Cell permeabilization measurement

S. aureus and S. carnosus cells were grown for 6 h in M14 medium under static growth conditions in microtitre plates. At that point, 100 μl of bacterial culture was removed and replaced with either 100 μl M14 medium or crude, filtered P. aeruginosa supernatants, supplemented with PI at a final concentration of 1 μM. Where indicated, lysozyme (Serva, Germany) was added at a final concentration of 100 μg ml−1. Fluorescence (ex 535 nm/em 617 nm) was monitored in a plate reader (BioTek®) every 20 min at 37°C. Kinetic curves represent background‐deduced values (supernatant with PI but without bacterial cells) and are the mean of technical triplicates. At the end of the assay, viable plate counts were performed to determine bacterial survival.

Biofilm formation

Staining and quantification of biofilm was performed as described with some modifications (Coffey and Anderson, 2014). P. aeruginosa strains were grown in static condition in microtitre plates in M14 medium. After 20 h, planktonic cells were removed by inverting the 96‐well plate. The plate was then rinsed two times with ddH2O. Wells were stained with crystal violet (225 μl of a 0.1% solution) and incubated for 10 min. The plate was rinsed twice with ddH2O and allowed to dry. For quantification, 150 μl 30% acetic acid was added to each well and incubated for 10 min to solubilize the biofilm. Of note, 100 μl of each sample was transferred to a new 96‐well optically clear flat‐bottom plate. Optical density of all samples was measured in a plate reader at 550 nm.

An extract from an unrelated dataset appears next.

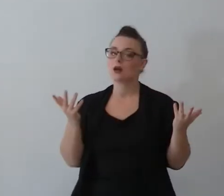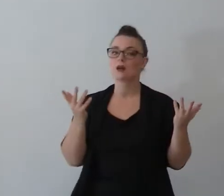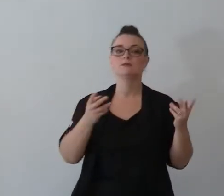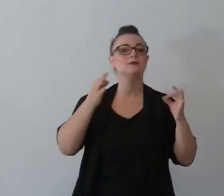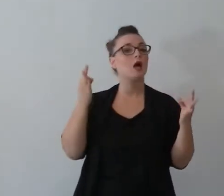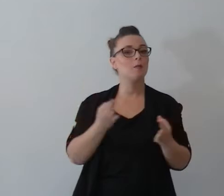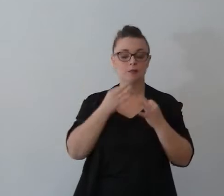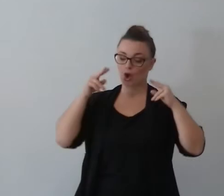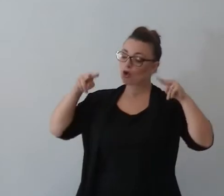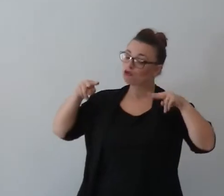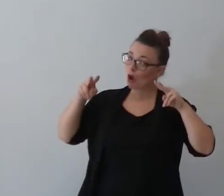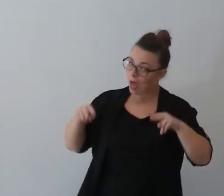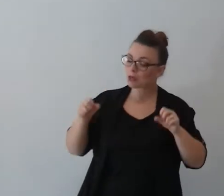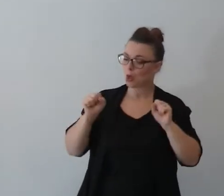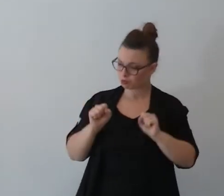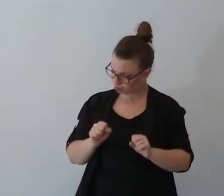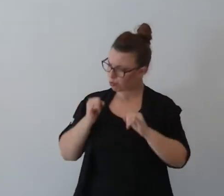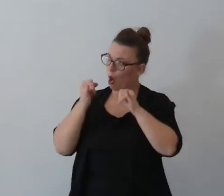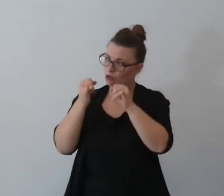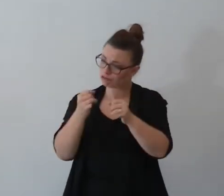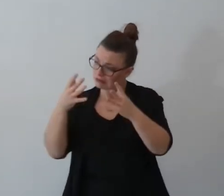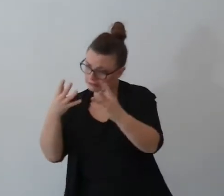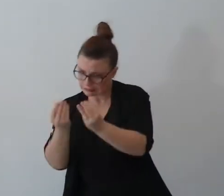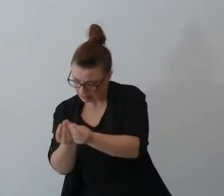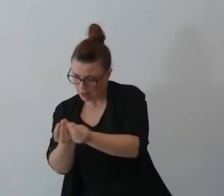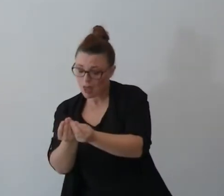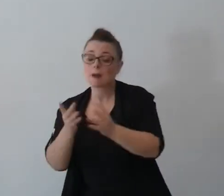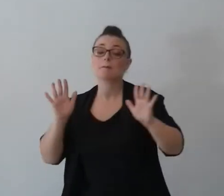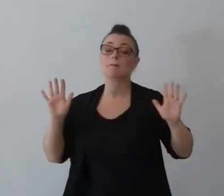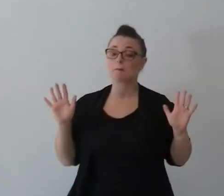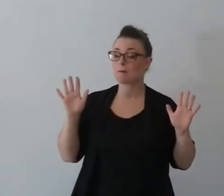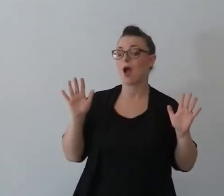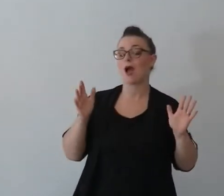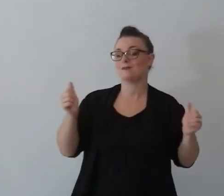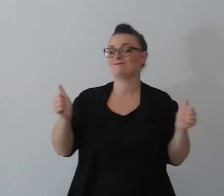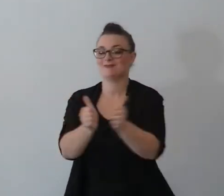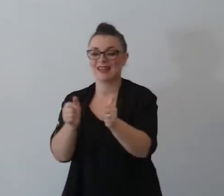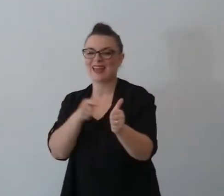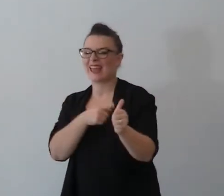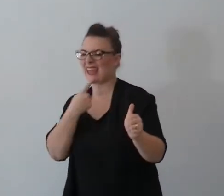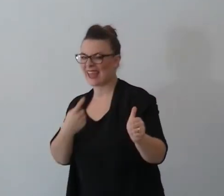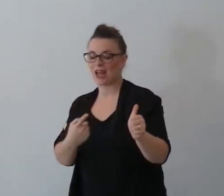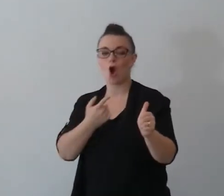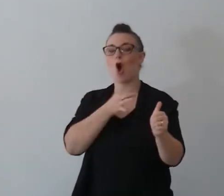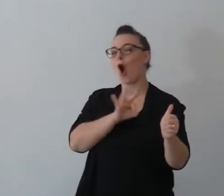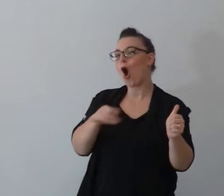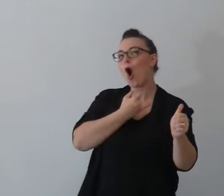uscire insieme maestro normalmente o con un fratello o sorella minore o con il padre

Construction of cyclic‐guanylate‐specific phosphodiesterase (PDE) expression plasmid

The coding region, including 62 bp upstream of the ATG initiation codon and 120 bp downstream of the STOP codon, was amplified with primers PA14_36990‐BamHI‐F and PA14_36990‐HindIII‐R by PCR from genomic DNA of P. aeruginosa PA14. The amplified 1050 bp fragment was digested with BamHI‐HindIII restriction enzymes and cloned into the expression vector pIApX2 yielding plasmid pPDE. The Q5 high‐fidelity DNA polymerase (NEB) was used for all amplifications. PCRs were performed in a Biometra PCR thermal cycler (Analytik Jena AG, Germany), using the following conditions: denaturation at 98°C for 2 min, followed by 27 cycles of 98°C for 20 s, 57°C for 30 s, 72°C for 2 min and a final extension at 72°C for 4 min. Plasmids were transferred into P. aeruginosa by electroporation and cells were spread on LB‐agar supplemented with carbenicillin at 200 mg L−1. All constructs were verified by Sanger sequencing.

Generation of P. aeruginosa knockout mutants

The generation of unmarked knockout mutants was based on the protocol described by Hoang et al. (Hoang et al., 1998). Briefly, DNA fragments of 500–700 bps flanking the gene of interest were PCR‐amplified using primer pairs F1/R1 and F2/R2 respectively (Table S1). After amplification, the obtained fragments were gel‐purified and used in a PCR fusion amplification with primers F1 and R2. For deletion of the hcnABC operon, a streptomycin cassette was introduced between the two flanking DNA fragments using the BamHI restriction site. The resulting fusion products were gel‐purified and further cloned into the suicide vector pEXG2 via HindIII/SacI (hcnABC operon) or EcoRI/HindIII restriction sites (rhlA and wspF). The gene replacement vectors were mobilized into P. aeruginosa via bi‐parental conjugation, and the generation of the unmarked mutants was carried out as previously described (Pletzer et al., 2014). The constructed gene knockout strains were verified by PCR amplification of the flanking region using the external primers followed by Sanger sequencing.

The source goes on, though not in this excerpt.